Had a drink at Mina's bar at the marina later - chatting with Ray and Doug, two of the ClubSail instructors (it's an RYA school based in the marina). When I told Doug I was a cruising instructor he said I could probably get a week's work in a week's time, but I politely declined and said we must get on. However, in the immortal words of Mr. Schwarzennerger, I'll be back.


Fri 1st December - Tenerife

First thing in the morning I walked up the hill and got a haircut. It was quite a strange experience. The barber was a dapper little Ecuadorian in a neckscarf who told me he was really a singer but Brits kept coming over on holiday and singing for beer and so undermining the whole local music economy. He trimmed my nose hairs, shaved my neck, cut my eyebrows and generally gave me the works. He must have used at least a dozen different fluids, creams and unguents on me - altogether quite an exotic experience, although it did cost 13 Euros.

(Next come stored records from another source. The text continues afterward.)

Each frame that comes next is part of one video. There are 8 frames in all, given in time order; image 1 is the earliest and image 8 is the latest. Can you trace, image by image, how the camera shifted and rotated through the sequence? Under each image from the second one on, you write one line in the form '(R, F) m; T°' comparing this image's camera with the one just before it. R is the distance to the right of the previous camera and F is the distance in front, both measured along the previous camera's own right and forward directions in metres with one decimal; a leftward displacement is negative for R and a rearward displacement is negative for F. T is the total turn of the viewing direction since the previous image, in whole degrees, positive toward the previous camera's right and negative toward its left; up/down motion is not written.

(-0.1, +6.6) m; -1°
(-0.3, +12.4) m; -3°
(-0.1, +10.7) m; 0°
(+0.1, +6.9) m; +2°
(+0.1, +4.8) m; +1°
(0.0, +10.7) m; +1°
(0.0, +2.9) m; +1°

Not a bad haircut though.

When I got back to the boat we packed the dinghy away and generally got the boat ready to go to sea again. The dinghy now has a new bag. It's actually the old mainsail bag, which has been lying in the locker since we got the boat. Walked up to Amarilla Golf to check out another supermarket Nora had told us about. This caters to expats and had all sorts of goodies like marmalade and peanut butter, plus lots of sauces and spices to make boat food more interesting. We also got a new bucket for E1.50 to replace the one lost on the way over from Madeira.

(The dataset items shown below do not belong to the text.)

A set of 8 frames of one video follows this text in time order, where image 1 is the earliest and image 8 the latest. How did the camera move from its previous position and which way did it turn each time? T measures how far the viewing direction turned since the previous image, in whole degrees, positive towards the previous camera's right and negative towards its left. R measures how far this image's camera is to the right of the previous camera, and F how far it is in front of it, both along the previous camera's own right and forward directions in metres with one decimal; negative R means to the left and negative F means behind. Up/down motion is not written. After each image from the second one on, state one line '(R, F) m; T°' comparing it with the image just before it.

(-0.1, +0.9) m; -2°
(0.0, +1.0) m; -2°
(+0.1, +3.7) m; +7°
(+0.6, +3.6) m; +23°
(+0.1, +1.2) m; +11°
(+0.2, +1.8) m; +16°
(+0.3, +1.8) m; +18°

Marina San Miguel from the golf course
Marina from the golf course

Today was the first day for ages with very little wind, and I took the opportunity to go snorkelling in the little bay to the North of the marina. No flora, but lots of interesting fish - hundreds of flourescent blue ones, plus some small trigger fish and pastel coloured clownfish-looking things. I also saw an amazing sea slug of some sort. Water still a bit chilly compared to the Caribbean though - about 22 degress, OK for twenty minutes then a hot shower is welcome.

Went out for another All You Can Eat Chinese buffet in the evening with Dave, Nora, Shaun and Susan and the grandchildren. Kathy managed to do it justice this time - she has finally recovered from a bit of a tummy bug she picked up in Madeira. Had a last drink at the marina bar and early to bed.